OpenAI Agents SDK with FastAPI: Production Web Server Integration Patterns

Why FastAPI and Agents SDK Work Well Together

FastAPI is async-native. The OpenAI Agents SDK is async-native. This alignment means you can run agent loops inside request handlers without blocking other users. No thread pools, no workarounds — just native async/await throughout the stack.

This guide shows you how to build a production web API that exposes agent capabilities to multiple concurrent users with proper session isolation.

Basic Integration: Agent as an Endpoint

The simplest pattern wraps a Runner.run call inside a FastAPI route.
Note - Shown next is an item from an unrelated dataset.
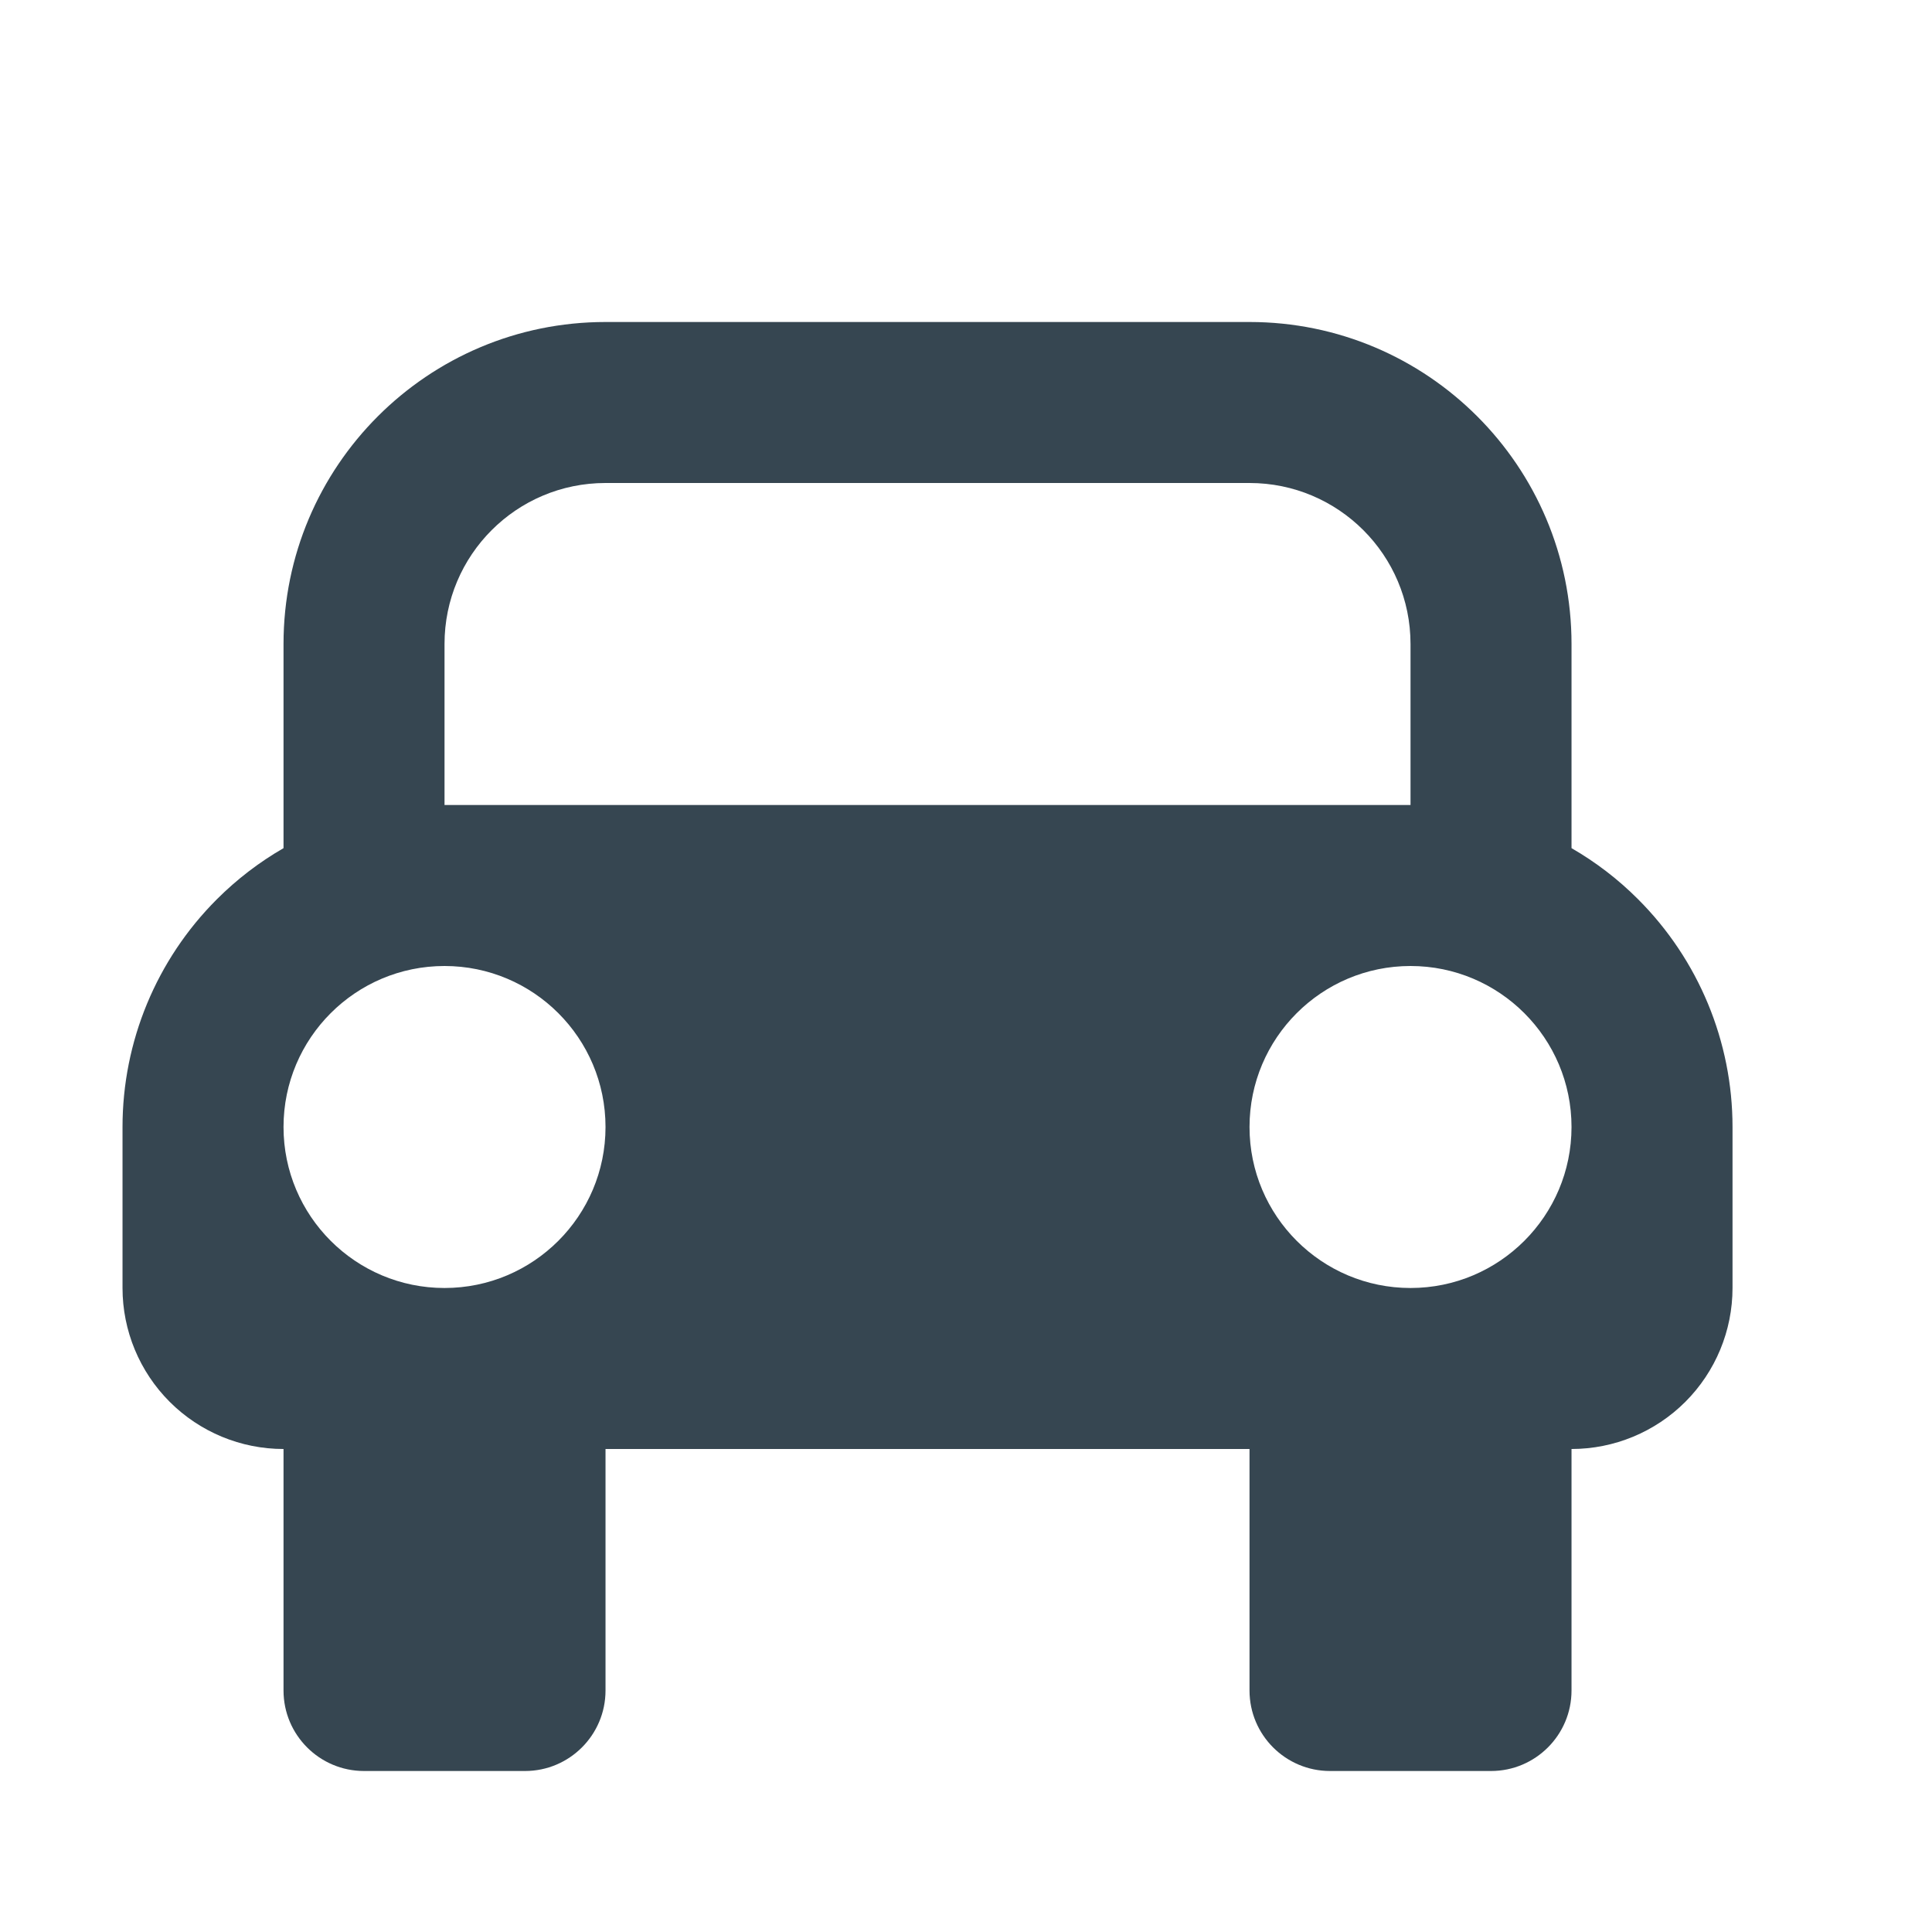 <?xml version="1.0" encoding="UTF-8" standalone="no"?><!DOCTYPE svg PUBLIC "-//W3C//DTD SVG 1.1//EN" "http://www.w3.org/Graphics/SVG/1.1/DTD/svg11.dtd"><svg width="100%" height="100%" viewBox="0 0 24 24" version="1.1" xmlns="http://www.w3.org/2000/svg" xmlns:xlink="http://www.w3.org/1999/xlink" xml:space="preserve" style="fill-rule:evenodd;clip-rule:evenodd;stroke-linejoin:round;stroke-miterlimit:1.414;"><rect id="Artboard2" x="-336" y="-24" width="480" height="480" style="fill:none;"/><clipPath id="_clip1"><rect id="Artboard21" x="-336" y="-24" width="480" height="480"/></clipPath><g clip-path="url(#_clip1)"><path d="M6.522,22l-2,0c-0.552,0 -1,-0.448 -1,-1l0,-3c-0.531,0 -1.039,-0.211 -1.414,-0.586c-0.375,-0.375 -0.586,-0.884 -0.586,-1.414c0,-0.611 0,-1.305 0,-2c0,-1.061 0.421,-2.078 1.171,-2.828c0.25,-0.25 0.529,-0.463 0.829,-0.636l0,-2.536c0,-2.209 1.791,-4 4,-4c2.443,0 5.557,0 8,0c2.209,0 4,1.791 4,4l0,2.536c0.3,0.173 0.579,0.386 0.828,0.636c0.75,0.75 1.172,1.767 1.172,2.828c0,0.695 0,1.389 0,2c0,0.53 -0.211,1.039 -0.586,1.414c-0.375,0.375 -0.884,0.586 -1.414,0.586c0,0 0,3 0,3c0,0.552 -0.448,1 -1,1c-0.611,0 -1.389,0 -2,0c-0.552,0 -1,-0.448 -1,-1l0,-3c0,0 -8,0 -8,0c0,0 0,3 0,3c0,0.552 -0.448,1 -1,1Zm11,-10c1.104,0 2,0.896 2,2c0,1.104 -0.896,2 -2,2c-1.104,0 -2,-0.896 -2,-2c0,-1.104 0.896,-2 2,-2Zm-12,0c1.104,0 2,0.896 2,2c0,1.104 -0.896,2 -2,2c-1.104,0 -2,-0.896 -2,-2c0,-1.104 0.896,-2 2,-2Zm12,-4c0,-1.105 -0.896,-2 -2,-2c-2.22,0 -5.781,0 -8,0c-1.105,0 -2,0.895 -2,2c0,1 0,2 0,2l12,0c0,0 0,-1 0,-2Z" style="fill:#364651;"/></g></svg>

from fastapi import FastAPI, HTTPException
from pydantic import BaseModel
from agents import Agent, Runner

app = FastAPI(title="Agent API")

support_agent = Agent(
    name="support",
    instructions="You are a customer support agent for a SaaS product.",
)


class ChatRequest(BaseModel):
    message: str
    user_id: str


class ChatResponse(BaseModel):
    reply: str
    agent_name: str


@app.post("/chat", response_model=ChatResponse)
async def chat(request: ChatRequest):
    try:
        result = await Runner.run(
            support_agent,
            input=request.message,
        )
        return ChatResponse(
            reply=result.final_output,
            agent_name=result.last_agent.name,
        )
    except Exception as e:
        raise HTTPException(status_code=500, detail=str(e))
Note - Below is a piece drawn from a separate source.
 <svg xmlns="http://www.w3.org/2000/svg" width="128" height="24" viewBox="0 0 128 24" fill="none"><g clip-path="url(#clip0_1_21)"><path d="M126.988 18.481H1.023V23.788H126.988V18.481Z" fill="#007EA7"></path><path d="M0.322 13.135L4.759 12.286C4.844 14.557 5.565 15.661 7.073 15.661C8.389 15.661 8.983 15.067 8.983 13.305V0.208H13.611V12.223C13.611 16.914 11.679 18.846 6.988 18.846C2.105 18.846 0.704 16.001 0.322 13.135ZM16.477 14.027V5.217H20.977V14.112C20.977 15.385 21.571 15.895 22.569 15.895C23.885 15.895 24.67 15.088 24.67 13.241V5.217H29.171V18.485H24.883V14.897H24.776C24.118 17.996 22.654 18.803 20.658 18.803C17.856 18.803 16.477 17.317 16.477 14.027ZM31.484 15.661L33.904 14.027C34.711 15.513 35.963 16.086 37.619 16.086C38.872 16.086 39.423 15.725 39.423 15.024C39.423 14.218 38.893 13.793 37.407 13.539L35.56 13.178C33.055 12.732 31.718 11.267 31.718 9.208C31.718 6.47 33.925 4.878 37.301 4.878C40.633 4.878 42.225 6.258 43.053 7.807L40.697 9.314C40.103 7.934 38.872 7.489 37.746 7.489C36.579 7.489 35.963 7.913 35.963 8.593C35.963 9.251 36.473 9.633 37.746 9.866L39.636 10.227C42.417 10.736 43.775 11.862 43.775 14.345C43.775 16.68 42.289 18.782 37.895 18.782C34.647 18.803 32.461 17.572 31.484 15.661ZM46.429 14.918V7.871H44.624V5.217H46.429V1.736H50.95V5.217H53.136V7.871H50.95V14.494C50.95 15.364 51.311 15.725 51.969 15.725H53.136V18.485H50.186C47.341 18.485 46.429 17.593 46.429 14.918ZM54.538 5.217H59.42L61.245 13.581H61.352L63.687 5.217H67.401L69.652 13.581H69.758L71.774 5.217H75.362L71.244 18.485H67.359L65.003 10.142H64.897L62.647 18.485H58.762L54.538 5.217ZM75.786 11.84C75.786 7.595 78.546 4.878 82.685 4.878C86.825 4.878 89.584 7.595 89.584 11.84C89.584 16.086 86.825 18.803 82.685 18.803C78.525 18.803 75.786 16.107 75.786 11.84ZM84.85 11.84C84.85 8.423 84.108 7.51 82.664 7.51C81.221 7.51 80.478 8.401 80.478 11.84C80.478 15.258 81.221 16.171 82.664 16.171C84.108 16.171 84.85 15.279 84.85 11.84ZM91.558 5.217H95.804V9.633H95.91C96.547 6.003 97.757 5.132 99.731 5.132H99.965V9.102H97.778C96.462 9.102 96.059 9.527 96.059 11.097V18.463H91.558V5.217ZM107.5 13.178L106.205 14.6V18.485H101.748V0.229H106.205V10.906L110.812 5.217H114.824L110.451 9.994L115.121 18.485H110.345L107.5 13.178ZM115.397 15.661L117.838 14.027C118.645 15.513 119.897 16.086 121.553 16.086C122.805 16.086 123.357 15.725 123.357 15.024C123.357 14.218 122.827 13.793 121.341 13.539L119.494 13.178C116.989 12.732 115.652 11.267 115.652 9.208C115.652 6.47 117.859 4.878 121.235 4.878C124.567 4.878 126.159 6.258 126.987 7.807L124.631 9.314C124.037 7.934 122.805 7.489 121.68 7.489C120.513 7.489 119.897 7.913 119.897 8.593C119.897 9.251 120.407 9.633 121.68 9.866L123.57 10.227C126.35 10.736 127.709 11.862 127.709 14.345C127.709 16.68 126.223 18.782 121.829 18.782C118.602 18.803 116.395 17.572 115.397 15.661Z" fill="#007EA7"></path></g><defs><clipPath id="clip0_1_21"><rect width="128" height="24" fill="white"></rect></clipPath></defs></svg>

Session Management: Multi-Turn Conversations

Real conversations span multiple requests. You need to persist the conversation state between calls. Here is a session manager that stores history per user.

from datetime import datetime, timedelta
from typing import Any
import uuid


class SessionManager:
    def __init__(self, ttl_minutes: int = 60):
        self._sessions: dict[str, dict[str, Any]] = {}
        self.ttl = timedelta(minutes=ttl_minutes)

    def get_or_create(self, session_id: str) -> dict[str, Any]:
        if session_id not in self._sessions:
            self._sessions[session_id] = {
                "id": session_id,
                "history": [],
                "created_at": datetime.utcnow(),
                "last_active": datetime.utcnow(),
            }
        session = self._sessions[session_id]
        session["last_active"] = datetime.utcnow()
        return session

    def cleanup_expired(self):
        now = datetime.utcnow()
        expired = [
            sid for sid, s in self._sessions.items()
            if now - s["last_active"] > self.ttl
        ]
        for sid in expired:
            del self._sessions[sid]


sessions = SessionManager(ttl_minutes=30)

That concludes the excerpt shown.